Often the debaters also opt for the use of biblical language. For example, they consistently describe abortion as "child sacrifice" drawing a parallel between modern abortion and ancient Israel's infanticidal practices in its worship of Molech. Like the original abolitionists, the group also describes immorality primarily in terms of the category of sin, such as characterizing the practice of chattel slavery as the sin of "manstealing", a word that harkens back to Exodus 21:16.

== Reception ==

The organization has also been accused of "[appropriating] anti-slavery messaging and imagery" by some abortion rights supporters and being too extreme by some abortion opponents. In the face of such accusations, Abolitionists Rising members maintain that a national ban on slavery, too, was once perceived as an extreme stance.

In 2023, in Wichita, Kansas, a group of Abolitionists Rising members were confronted by a former police officer, who was identified in a video making threats, knocking down a camera, and allegedly injuring one of the debaters.

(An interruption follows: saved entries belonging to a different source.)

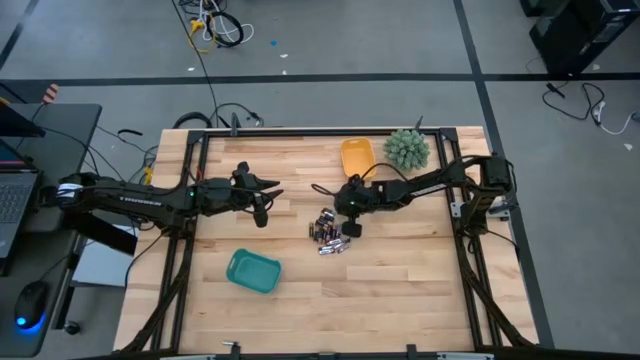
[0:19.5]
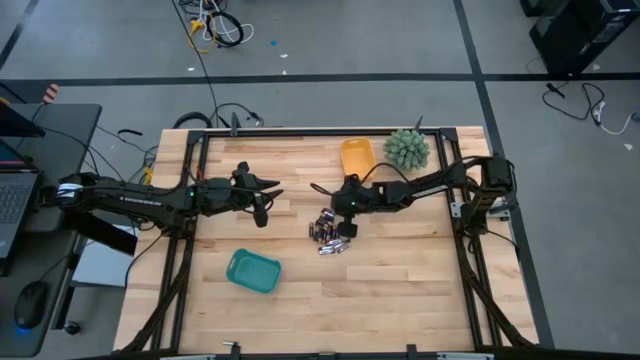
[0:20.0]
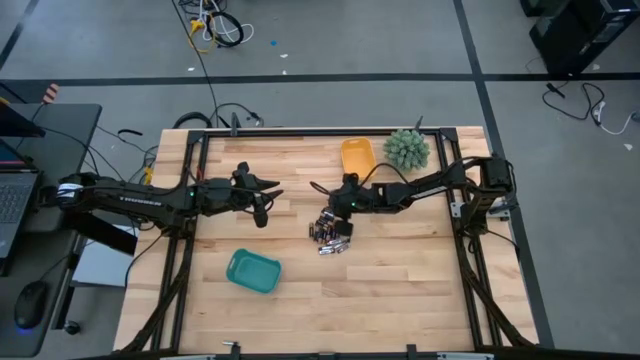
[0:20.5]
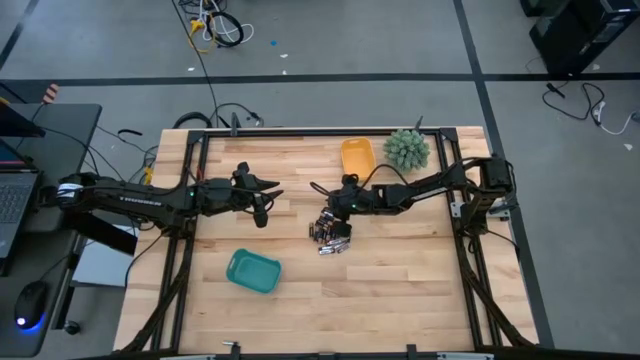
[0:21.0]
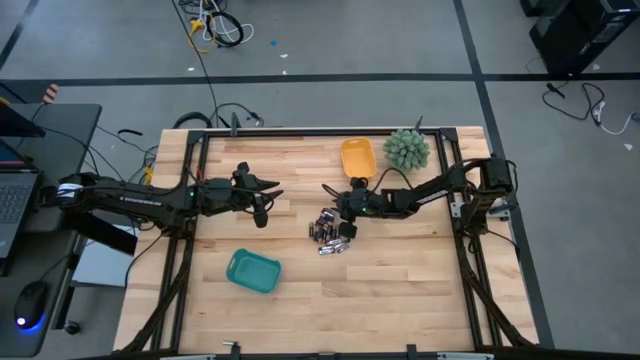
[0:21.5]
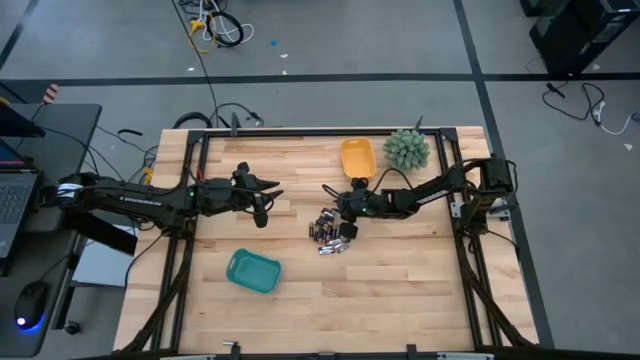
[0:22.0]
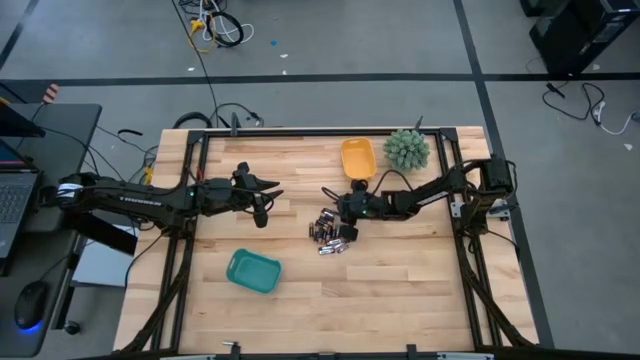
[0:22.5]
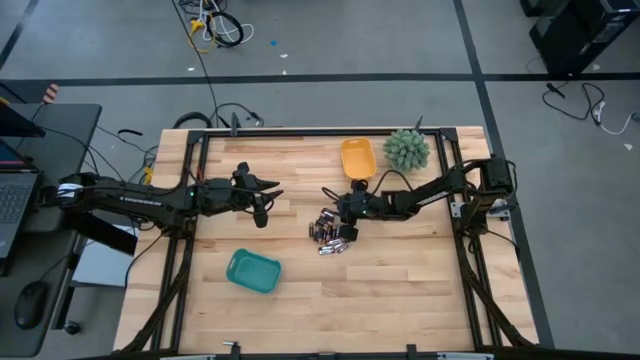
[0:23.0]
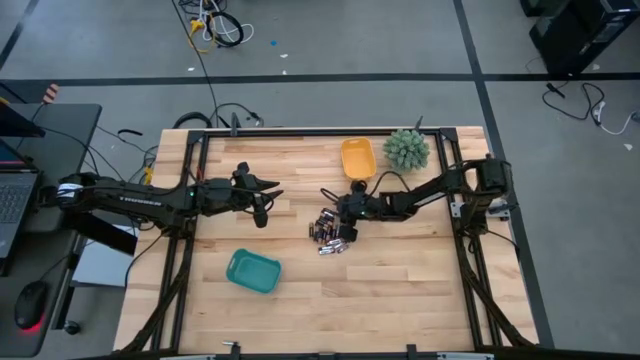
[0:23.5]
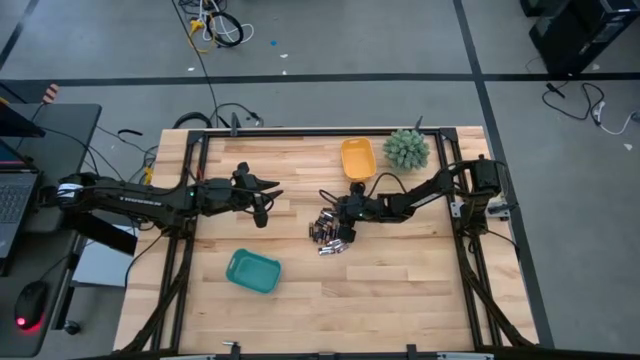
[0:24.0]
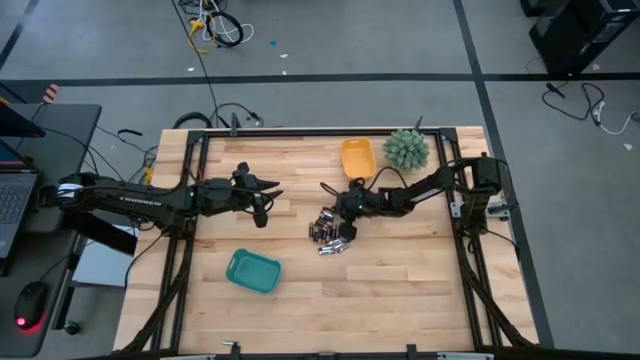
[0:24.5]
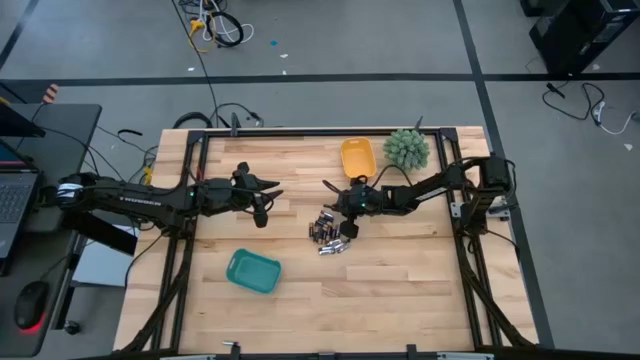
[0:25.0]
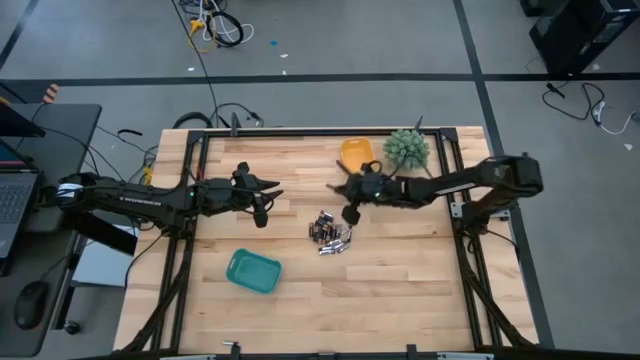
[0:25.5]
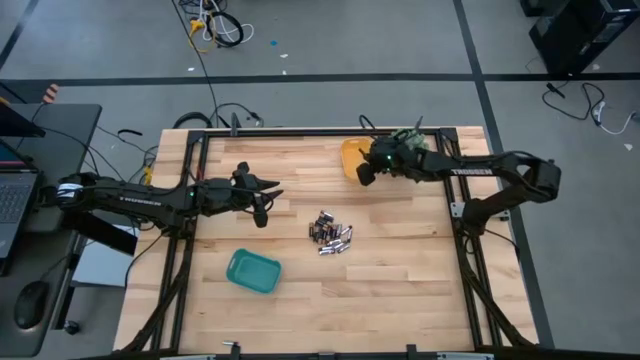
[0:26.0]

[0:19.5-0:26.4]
Put the black battery into the yellow bin

In 2026, at the Alamo in San Antonio, four Abolitionists Rising members were arrested by the Texas Department of Public Safety due to allegedly not using the designated free-speech zone. Texas DPS claimed they were all warned multiple times before being arrested. C.J. Grisham, founder of Open Carry Texas, attorney representing the four claimed they were released after around a day in jail. Two Abolitionists Rising members were reported to be let out on bond. He accuses Texas DPS of giving "unconstitutional and unlawful orders" and violating the First Amendment. Grisham has been arrested twice by Texas DPS during open-carry demonstrations with all charges dropped and sued them in 2015. All four arrested face Class B misdemeanor criminal trespass charges.